Il conflitto come motore della storia

Il film si apre con Edu Serra (Óscar Casas), che viene cacciato dal circuito dopo una furiosa lite con il team manager. Un inizio che definisce immediatamente il temperamento del protagonista: Edu ha talento, ma non riesce a governare la propria rabbia e finisce per trasformare il conflitto nella sua principale forza motrice, tanto in pista quanto nella vita. A offrirgli una nuova possibilità è Eli Gusman (Enrique Arce), team leader dell’Aspar Team in Moto2, che gli impone però una condizione: Edu dovrà farsi allenare dall’ex campione del mondo Antonio Belardi (Claudio Santamaria), nonché suo padre.

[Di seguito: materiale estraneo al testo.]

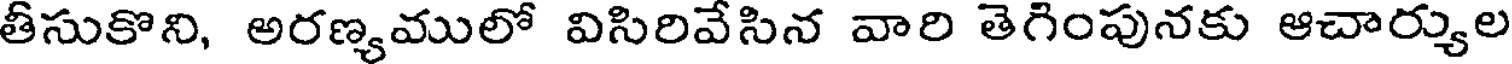
తీసుకొని, అరణ్యములో విసిరివేసిన వారి తెగింపునకు ఆచార్యుల
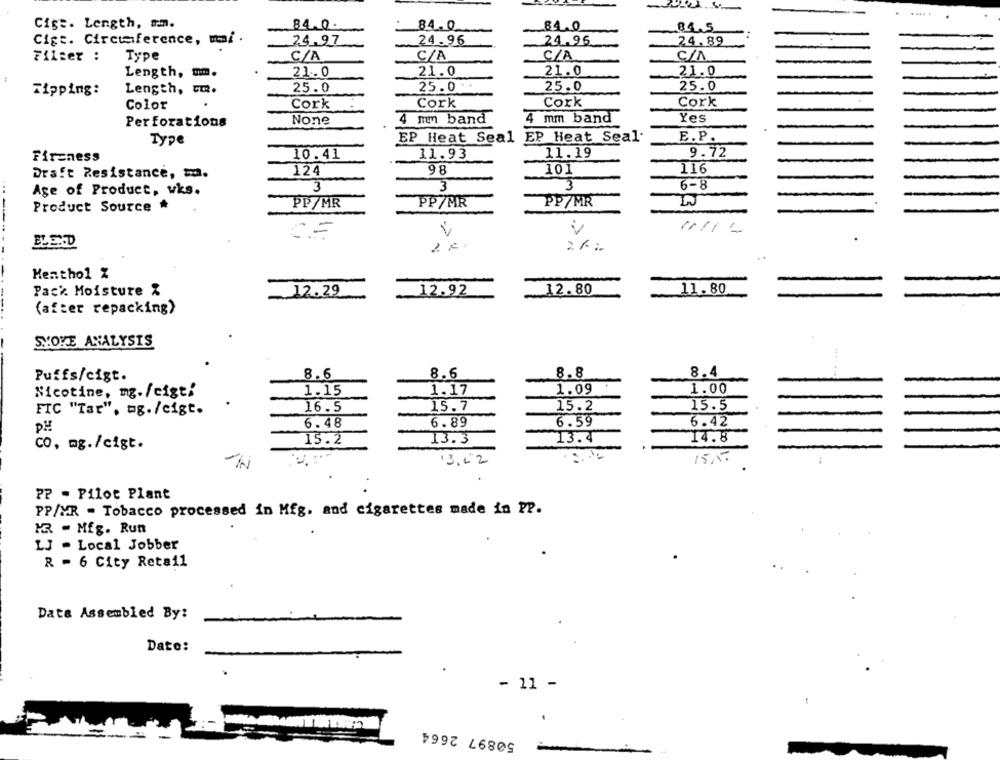
Cise. Length, am.
84.0.
84.0
84.0
84.5.
Cigt. Circumference, mi
24.97
24.96
24.96
24.89
Filser :
Type
C/A
C/A
C/A
C/A
Length, mm.
21. 0
21.0
21.0
21.0
Length, cm.
25.0
25.0 .
25.0
25.0
Tipping:
Color
Cork
Cork
Cork
Cork
4 mm band
4 mm band
Yes
Perforations
E.P
Type
EP Heat Seal EP Heat Seal
11.19
Fireness
10.41
11.93
9.72
Draft Resistance, ma.
124
98
101
116
Age of Product, wks.
3
3
3
6-8
PP/MR
PP/MR
PP/MR
Product Source
CE
BLEND
Menthol Z
Pack Moisture &
12.29
_12.92
12.80
11.80
(after repacking)
SYOVE ANALYSIS
8.4
Puffs/cigt.
8.6
8.6
8.8
Nicotine, mg./cigt!
1.15
1.17
1.09
1.00
16.5
15.7
15.2
15.5
FIC "Tar", mg./cigt.
6.48
6.89
6.59
6.42
15.2
13.3
13.4
14.8
CO, mg./cigt.
13."2
15.5.
PP - Pilot Plant
PP/MR - Tobacco processed in Mfg. and cigarettes made in PP.
MR - Mig. Run
LJ - Local Jobber
R = 6 City Retail
Data Assembled By:
Date:
- 11 -
50897 2664
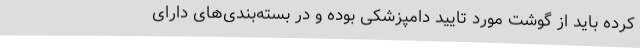
کرده باید از گوشت مورد تایید دامپزشکی بوده و در بسته‌بندی‌های دارای
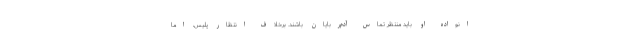
انواده او باید منتظر تماس آدم‌ربایان باشند. برخلاف انتظار پلیس، اما
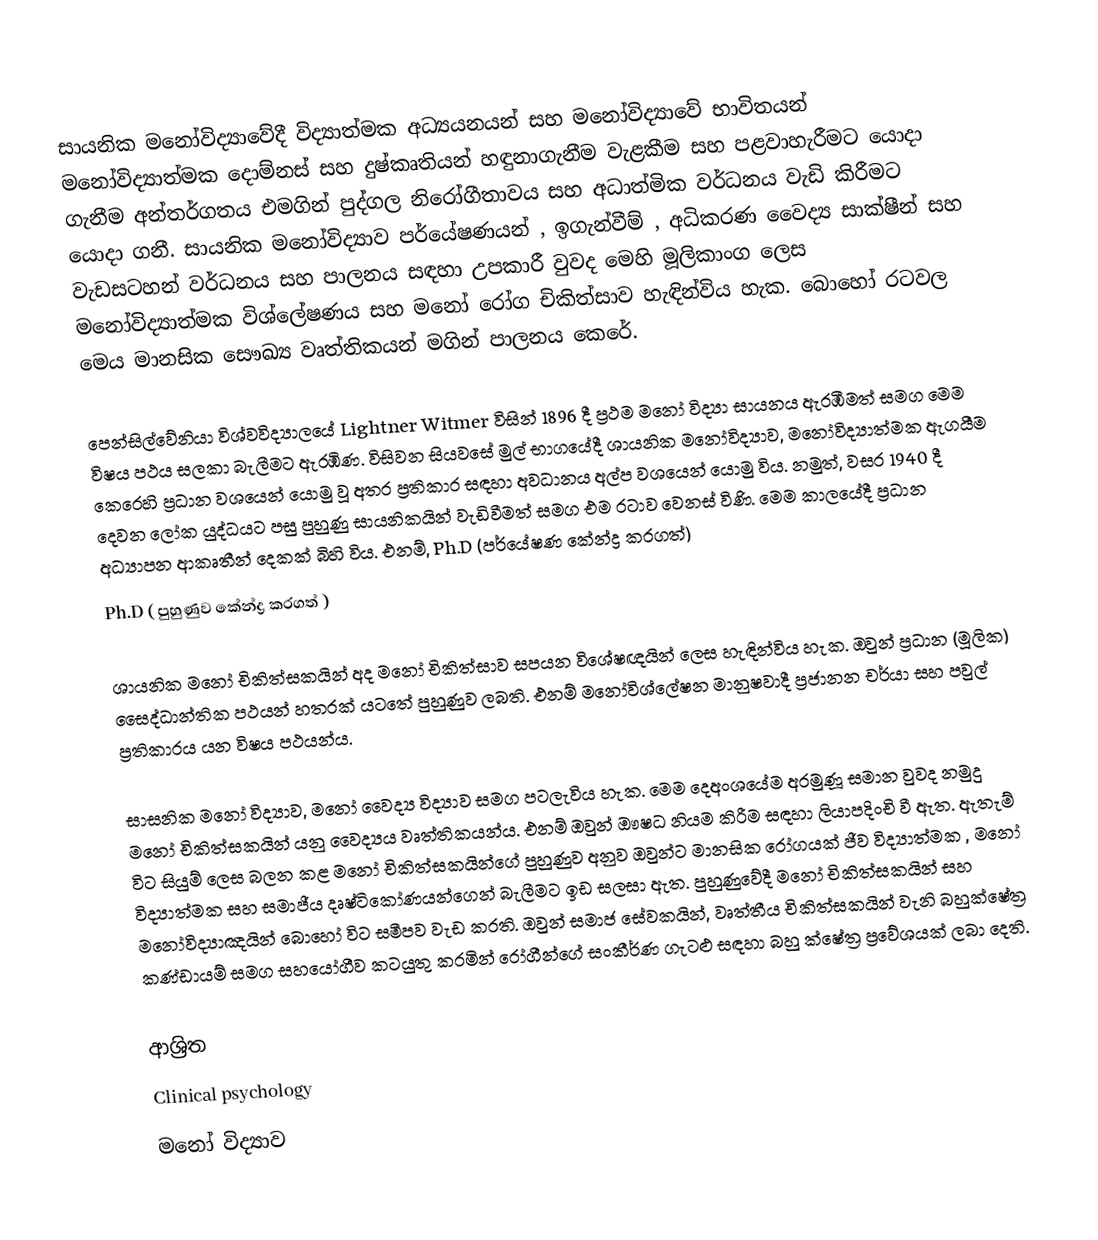
සායනික මනෝවිද්‍යාවේදී විද්‍යාත්මක අධ්‍යයනයන් සහ මනෝවිද්‍යාවේ භාවිතයන් මනෝවිද්‍යාත්මක දොම්නස් සහ  දුෂ්කෘතියන් හඳුනාගැනීම වැළකීම සහ පළවාහැරීමට යොදා ගැනීම අන්තර්ගතය එමගින් පුද්ගල නිරෝගීතාවය සහ අධාත්මික වර්ධනය වැඩි කිරීමට යොදා ගනී. සායනික මනෝවිද්‍යාව පර්යේෂණයන් , ඉගැන්වීම් , අධිකරණ වෛද්‍ය සාක්ෂීන් සහ වැඩසටහන් වර්ධනය සහ පාලනය සඳහා උපකාරී වුවද මෙහි මූලිකාංග ලෙස මනෝවිද්‍යාත්මක විශ්ලේෂණය සහ මනෝ රෝග චිකිත්සාව හැඳින්විය හැක. බොහෝ රටවල මෙය මානසික සෞඛ්‍ය වෘත්තිකයන් මගින් පාලනය කෙරේ.

පෙන්සිල්වේනියා විශ්වවිද්‍යාලයේ Lightner Witmer විසින් 1896 දී ප්‍රථම මනෝ විද්‍යා සායනය ඇරඹීමත් සමග මෙම විෂය පථය සලකා බැලීමට ඇරඹිණ. විසිවන සියවසේ මුල් භාගයේදී ශායනික මනෝවිද්‍ය‍ාව, මනෝවිද්‍යාත්මක ඇගයීම කෙරෙහි ප්‍රධාන වශයෙන් යොමු වූ අතර ප්‍රතිකාර සඳහා අවධානය අල්ප වශයෙන් යොමු විය. නමුත්, වසර 1940 දී දෙවන ලෝක යුද්ධයට පසු පුහුණු සායනිකයින් වැඩිවීමත් සමග එම රටාව වෙනස් විණි. මෙම කාලයේදී ප්‍රධාන අධ්‍යාපන ආකෘතීන් දෙකක් බිහි විය. එනම්, Ph.D (පර්යේෂණ කේන්ද්‍ර කරගත්)
					     Ph.D ( පුහුණුව කේන්ද්‍ර කරගත්    )

ශායනික මනෝ චිකිත්සකයින් අද මනෝ චිකිත්සාව සපයන විශේෂඥයින් ලෙස හැඳින්විය හැක. ඔවුන් ප්‍රධාන (මූලික) සෛද්ධාන්තික පථයන් හතරක් යටතේ පුහුණුව ලබති. එනම් මනෝවිශ්ලේෂන මානුෂවාදී  ප්‍රජානන චර්යා සහ පවුල් ප්‍රතිකාරය යන විෂය පථයන්ය.

සාසනික මනෝ විද්‍යාව, මනෝ වෛද්‍ය විද්‍යාව සමග පටලැවිය හැක. මෙම දෙඅංශයේම අරමුණූ සමාන වුවද නමුදු මනෝ චිකිත්සකයින් යනු වෛද්‍යය වෘත්තිකයන්ය. එනම් ඔවුන් ඖෂධ නියම කිරීම සඳහා ලියාපදිංචි වී ඇත‍. ඇතැම් විට සියුම් ලෙස බලන කළ මනෝ චිකිත්සකයින්ගේ පුහුණුව අනුව ඔවුන්ට මානසික රෝගයක් ජීව විද්‍යාත්මක , මනෝ විද්‍යාත්මක සහ සමාජීය දෘෂ්ටිකෝණයන්ගෙන් බැලීමට ඉඩ සලසා ඇත. පුහුණුවේදී මනෝ චිකිත්සකයින් සහ මනෝවිද්‍යාඤයින් බොහෝ විට සමීපව වැඩ කරති. ඔවුන් සමාජ සේවකයින්, වෘත්තීය චිකිත්සකයින්  වැනි බහුක්ෂේත්‍ර කණ්ඩායම් සමග සහයෝගීව කටයුතු කරමින් රෝගීන්ගේ සංකීර්ණ ගැටළු සඳහා බහු ක්ෂේත්‍ර ප්‍රවේශයක් ලබා දෙති.

ආශ්‍රිත
 Clinical psychology
මනෝ විද්‍යාව
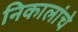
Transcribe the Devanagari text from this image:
निकालांचे
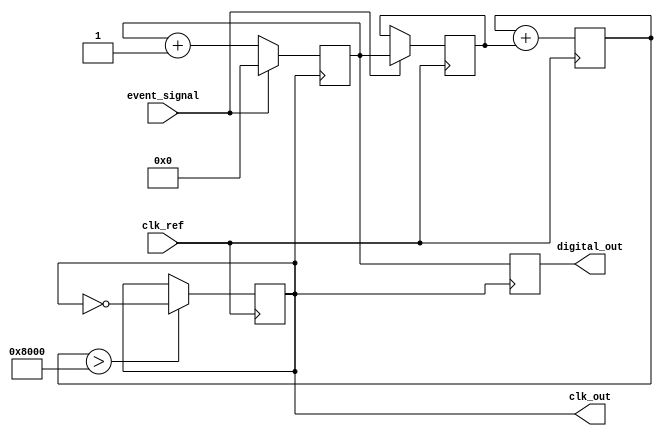
module TDC_PLL (
    input wire clk_ref,           // Reference clock input
    input wire event_signal,      // Input event signal
    output reg [15:0] digital_out, // Digital output (time interval)
    output wire clk_out           // Output clock from VCO
);

    // PLL parameters
    parameter VCO_FREQ = 100;     // VCO frequency in MHz
    parameter COUNTER_WIDTH = 16;  // Width of the counter

    // Internal signals
    reg [COUNTER_WIDTH-1:0] counter; // Counter for measuring time interval
    reg vco_clk;                     // VCO clock signal
    reg [15:0] phase_error;          // Phase error signal

    // Phase Detector
    always @(posedge clk_ref) begin
        if (event_signal) begin
            // Measure phase difference
            phase_error <= counter; // Simplified phase error calculation
        end
    end

    // Loop Filter (simple integrator for demonstration)
    reg [15:0] loop_filter_output;
    always @(posedge clk_ref) begin
        loop_filter_output <= loop_filter_output + phase_error;
    end

    // Voltage-Controlled Oscillator (VCO)
    always @(posedge clk_ref) begin
        if (loop_filter_output > 16'h8000) begin
            vco_clk <= ~vco_clk; // Toggle VCO clock based on loop filter output
        end
    end

    // Clock Output
    assign clk_out = vco_clk;

    // Time Measurement Logic
    always @(posedge vco_clk) begin
        if (event_signal) begin
            counter <= 0; // Reset counter on event signal
        end else begin
            counter <= counter + 1; // Increment counter
        end
    end

    // Digital Output
    always @(posedge vco_clk) begin
        digital_out <= counter; // Capture the counter value as digital output
    end

endmodule
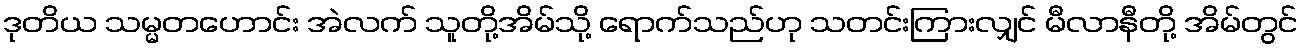
ဒုတိယ သမ္မတဟောင်း အဲလက် သူတို့အိမ်သို့ ရောက်သည်ဟု သတင်းကြားလျှင် မီလာနီတို့ အိမ်တွင်
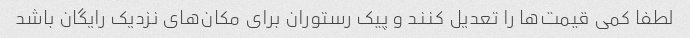
لطفا کمی قیمت‌ها را تعدیل کنند و پیک رستوران برای مکان‌های نزدیک رایگان باشد
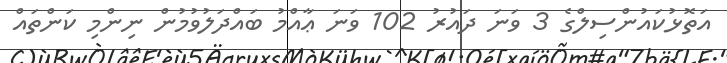
އަތޮޅުކައުންސިލްގެ 3 ވަނަ ދައުރު 102 ވަނަ ޢާއްމު ބައްދަލުވުމުން ނިންމި ކަންތައް
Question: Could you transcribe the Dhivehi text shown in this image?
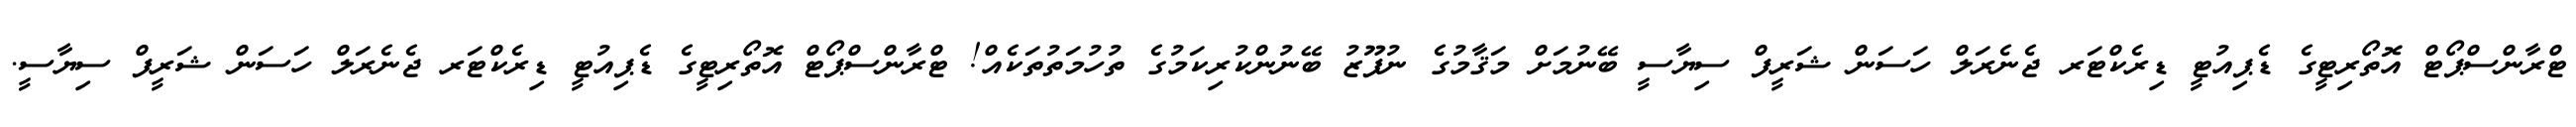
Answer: ޓްރާންސްޕޯޓް އޮތޯރިޓީގެ ޑެޕިއުޓީ ޑިރެކްޓަރ ޖެނެރަލް ހަސަން ޝަރީފް ސިޔާސީ ބޭނުމަށް މަޤާމުގެ ނުފޫޒު ބޭނުންކުރިކަމުގެ ތުހުމަތުތަކެއް! ޓްރާންސްޕޯޓް އޮތޯރިޓީގެ ޑެޕިއުޓީ ޑިރެކްޓަރ ޖެނެރަލް ހަސަން ޝަރީފް ސިޔާސީ.
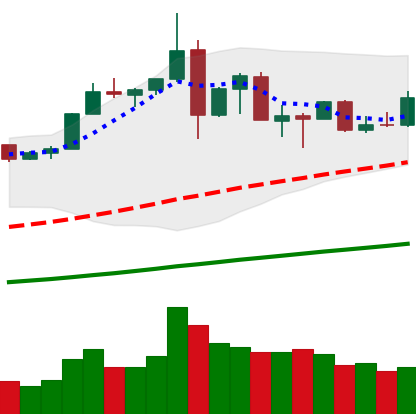
Ticker: ETH-USD
Chart end date: 2019-07-07
Forward return: -9.625%
Label: down_7plus
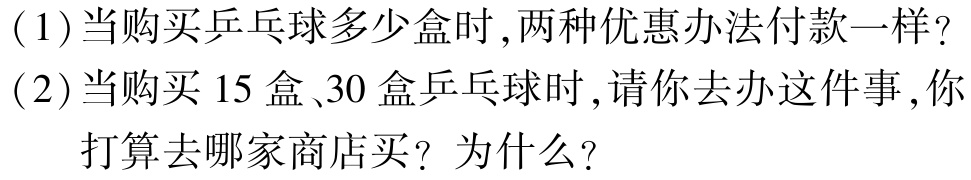
(1)当购买乒乓球多少盒时,两种优惠办法付款一样?

(2)当购买$15$盒、$30$盒乒乓球时,请你去办这件事,你

  打算去哪家商店买？为什么?
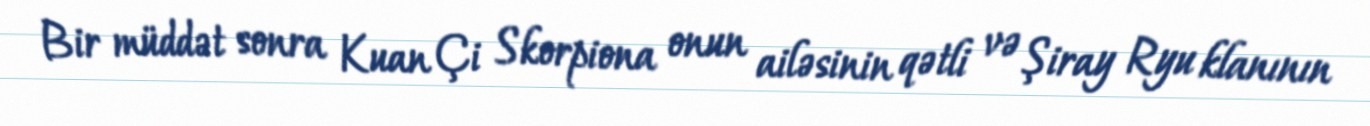
Bir müddət sonra Kuan Çi Skorpiona onun ailəsinin qətli və Şiray Ryu klanının
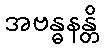
အဗန္ဓနန္တိ
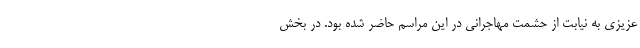
عزیزی به نیابت از حشمت مهاجرانی در این مراسم حاضر شده بود. در بخش
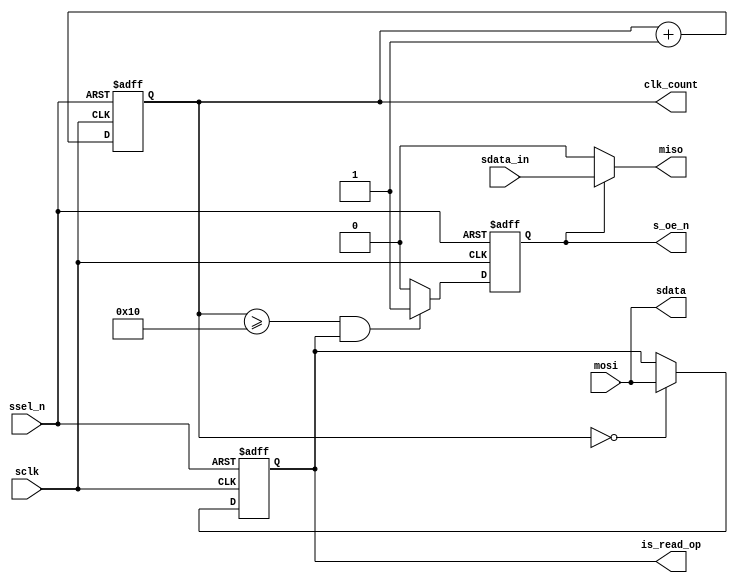


module spi_oe_gen_for_ad9253_3wire_interface
(
input ssel_n,
input sclk,
input wire mosi,
output wire miso,
output reg s_oe_n,
output wire sdata,
input wire sdata_in,
output reg is_read_op = 0,
output reg [7:0] clk_count = 0
) /* synthesis black_box */;



always @(posedge sclk or posedge ssel_n)
begin 
     if (ssel_n)
	 begin
		  is_read_op <= 0;
		  clk_count <= 0;
	 end else
	 begin
	      if (clk_count == 0)
		  begin //stop counting once R/W bit is reached		        
				is_read_op <= sdata;
		  end
		  clk_count <= clk_count + 1;
	 end
end


always @(negedge sclk or posedge ssel_n)
begin 
     if (ssel_n)
	 begin
	      s_oe_n <= 0;
		 
	 end else
	 begin
		  if ((clk_count >= 16) & is_read_op)
		  begin
		  	     s_oe_n <= 1; //read operation
		  end else
		  begin
		  	     s_oe_n <= 0;  //write operation or operation type has not been determined yet
		  end 
    end
end

assign sdata = mosi; //only reaches ADC if output is enabled
assign miso = s_oe_n ?  sdata_in : 1'b0;
 
endmodule

Questa collaborazione forzata è causa di ulteriori conflitti; riapre fratture mai sanate e alimenta nuove tensioni, arrivando ad essere d’impedimento anche nella relazione che Edu ha intrapreso con l’affascinante tatuatrice Luna (Anna Mena), l’unica presenza che sembra capace di di far emergere il lato vulnerabile del giovane pilota. Tra appuntamenti rubati, scommesse perse e momenti di dolcezza, Luna si inserisce delicatamente nelle complesse dinamiche della vita di Edu, regalando un tocco romantico a una narrazione che mantiene il suo punto focale sulla pista.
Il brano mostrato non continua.